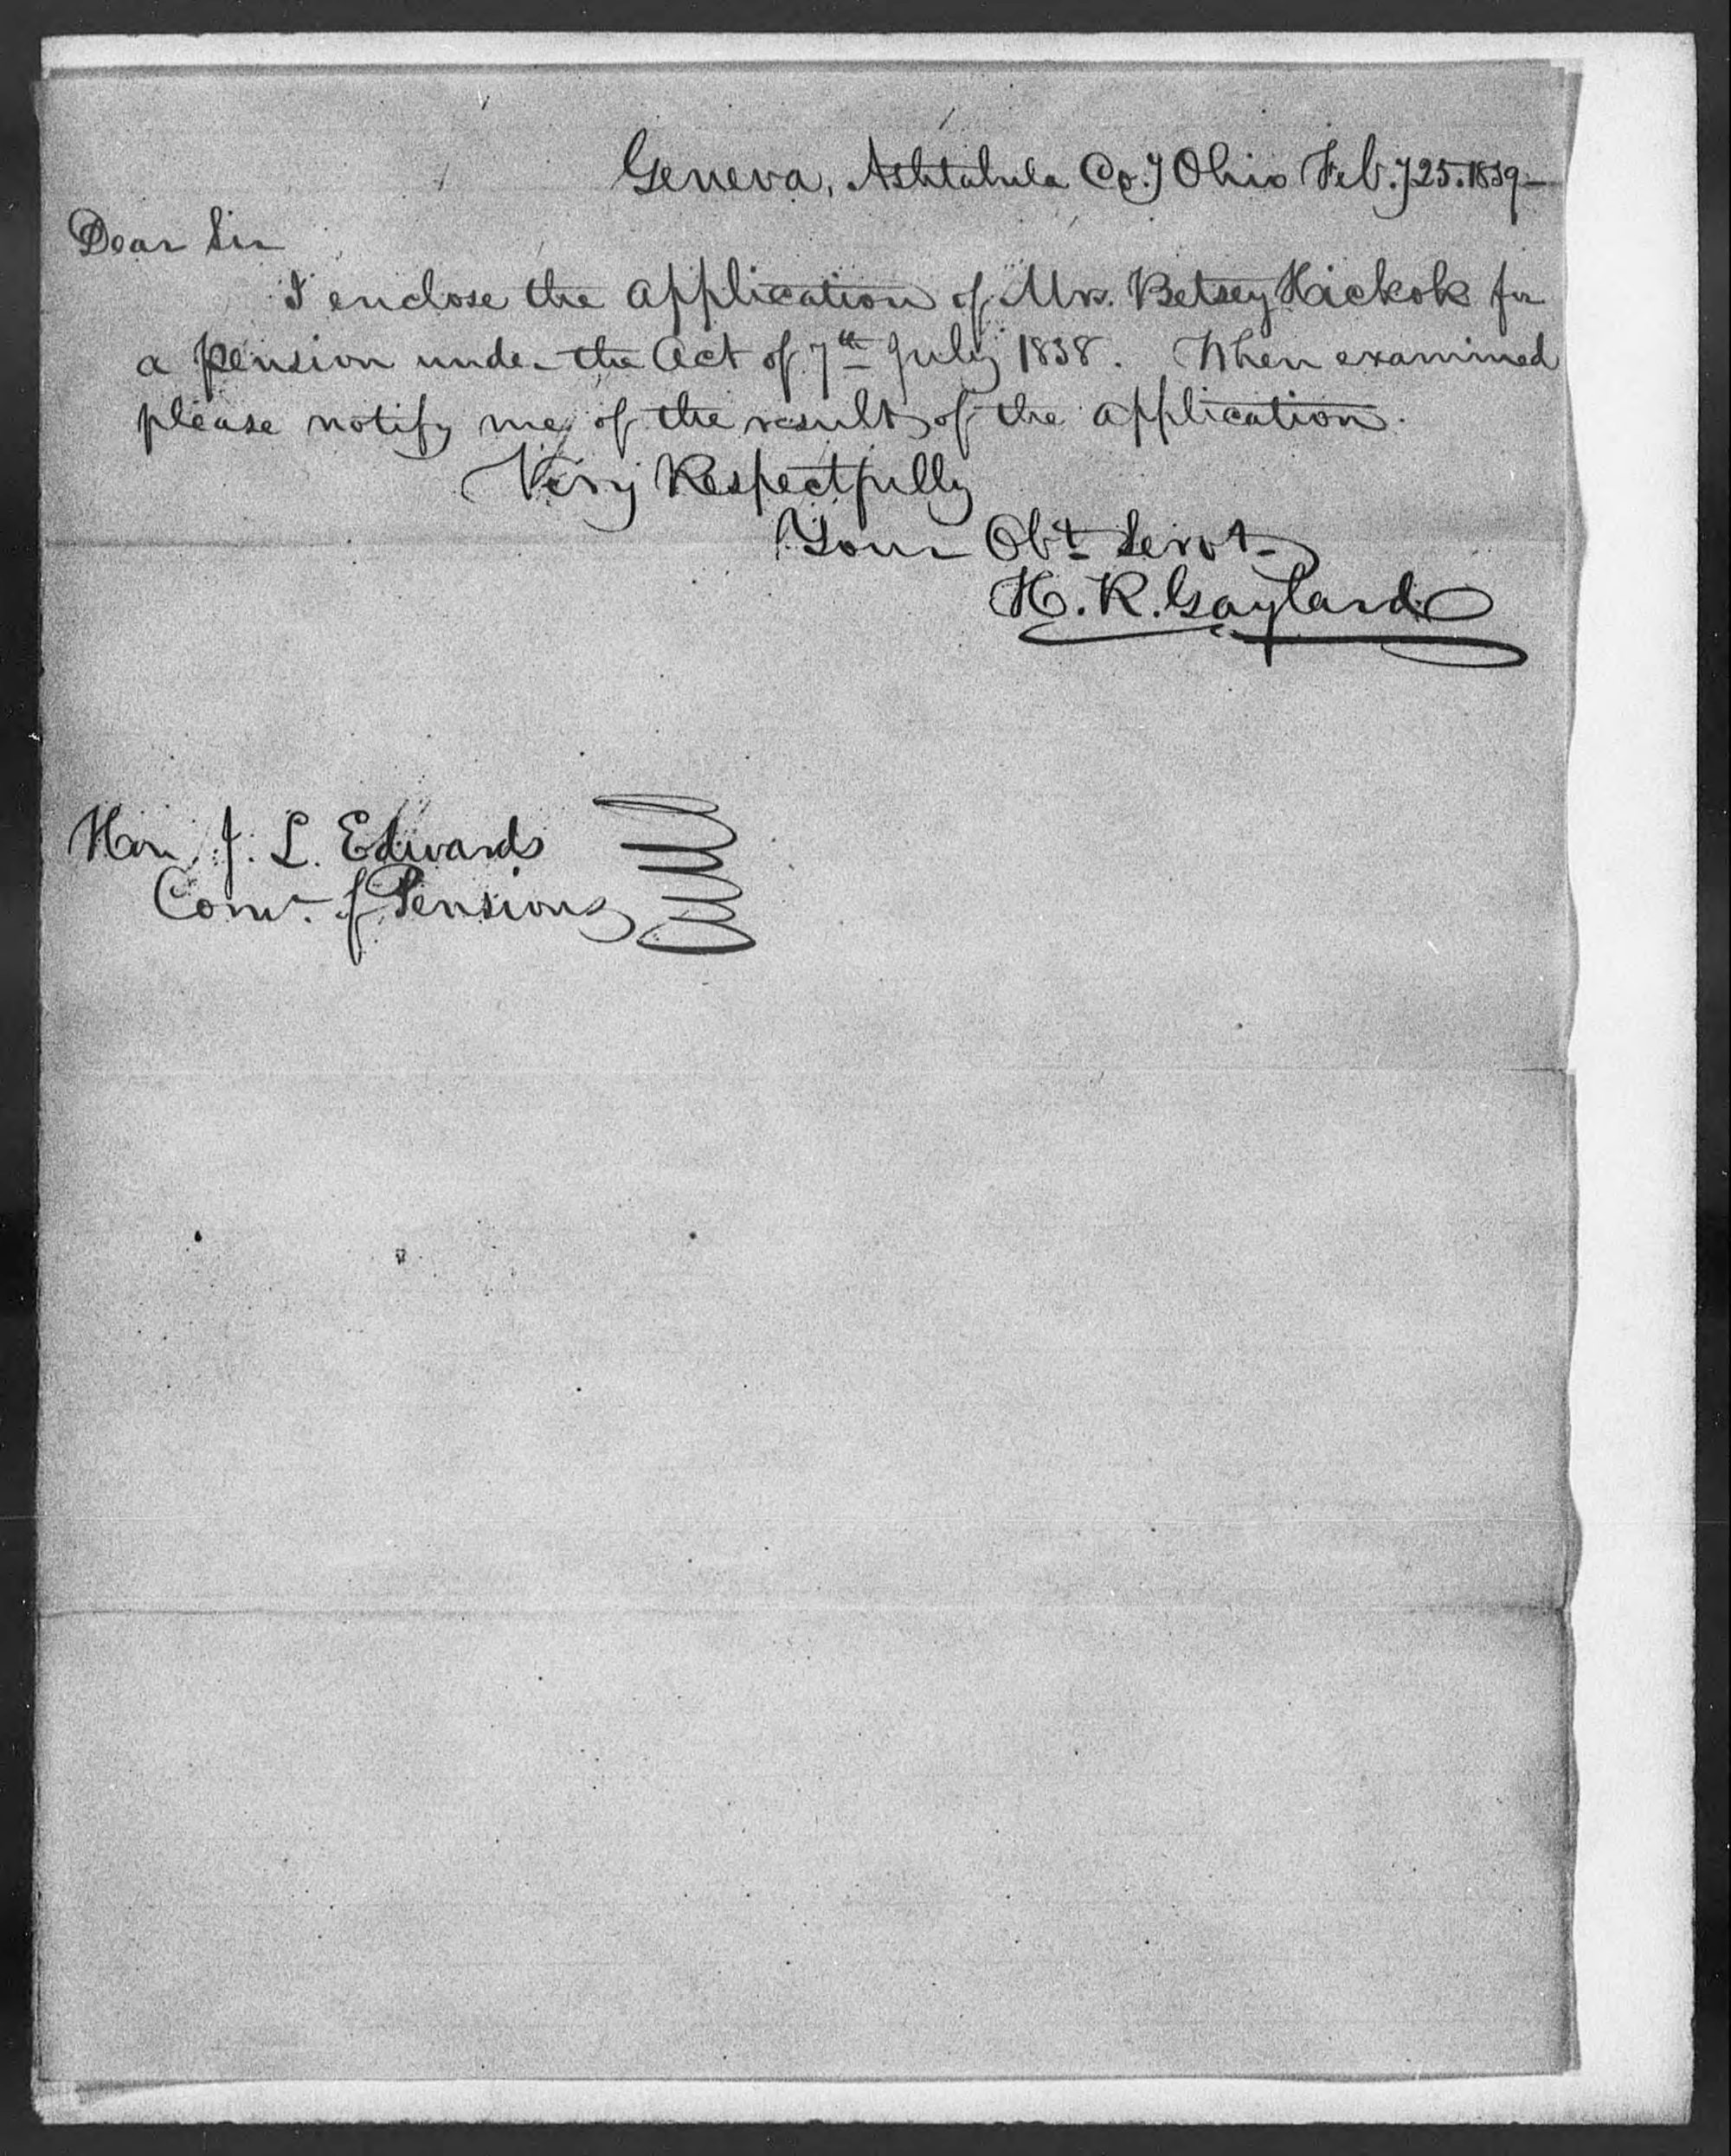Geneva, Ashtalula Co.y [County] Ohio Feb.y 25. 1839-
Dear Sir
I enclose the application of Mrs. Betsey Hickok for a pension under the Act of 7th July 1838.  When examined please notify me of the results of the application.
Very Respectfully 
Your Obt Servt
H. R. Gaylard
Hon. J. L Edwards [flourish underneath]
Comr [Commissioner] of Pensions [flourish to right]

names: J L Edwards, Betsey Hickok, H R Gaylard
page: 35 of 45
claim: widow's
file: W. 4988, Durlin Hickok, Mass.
==
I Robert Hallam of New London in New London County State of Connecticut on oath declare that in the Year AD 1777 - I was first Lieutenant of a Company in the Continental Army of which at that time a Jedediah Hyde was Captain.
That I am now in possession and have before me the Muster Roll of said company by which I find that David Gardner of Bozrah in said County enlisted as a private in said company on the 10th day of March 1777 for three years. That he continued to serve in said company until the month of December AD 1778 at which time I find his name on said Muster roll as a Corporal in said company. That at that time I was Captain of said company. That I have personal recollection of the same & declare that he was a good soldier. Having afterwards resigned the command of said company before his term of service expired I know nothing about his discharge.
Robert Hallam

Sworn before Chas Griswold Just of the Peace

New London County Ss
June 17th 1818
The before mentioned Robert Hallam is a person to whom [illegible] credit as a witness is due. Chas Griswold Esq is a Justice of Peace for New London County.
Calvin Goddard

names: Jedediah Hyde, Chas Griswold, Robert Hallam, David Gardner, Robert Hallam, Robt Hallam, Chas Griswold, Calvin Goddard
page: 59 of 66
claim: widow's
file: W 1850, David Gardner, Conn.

Exercise requirements
All that is needed is the exact run of lines above from the line containing "New London County Ss" through the line containing "file: W 1850, David Gardner, Conn.", both of them included.

Solution for this exercise
New London County Ss
June 17th 1818
The before mentioned Robert Hallam is a person to whom [illegible] credit as a witness is due. Chas Griswold Esq is a Justice of Peace for New London County.
Calvin Goddard

names: Jedediah Hyde, Chas Griswold, Robert Hallam, David Gardner, Robert Hallam, Robt Hallam, Chas Griswold, Calvin Goddard
page: 59 of 66
claim: widow's
file: W 1850, David Gardner, Conn.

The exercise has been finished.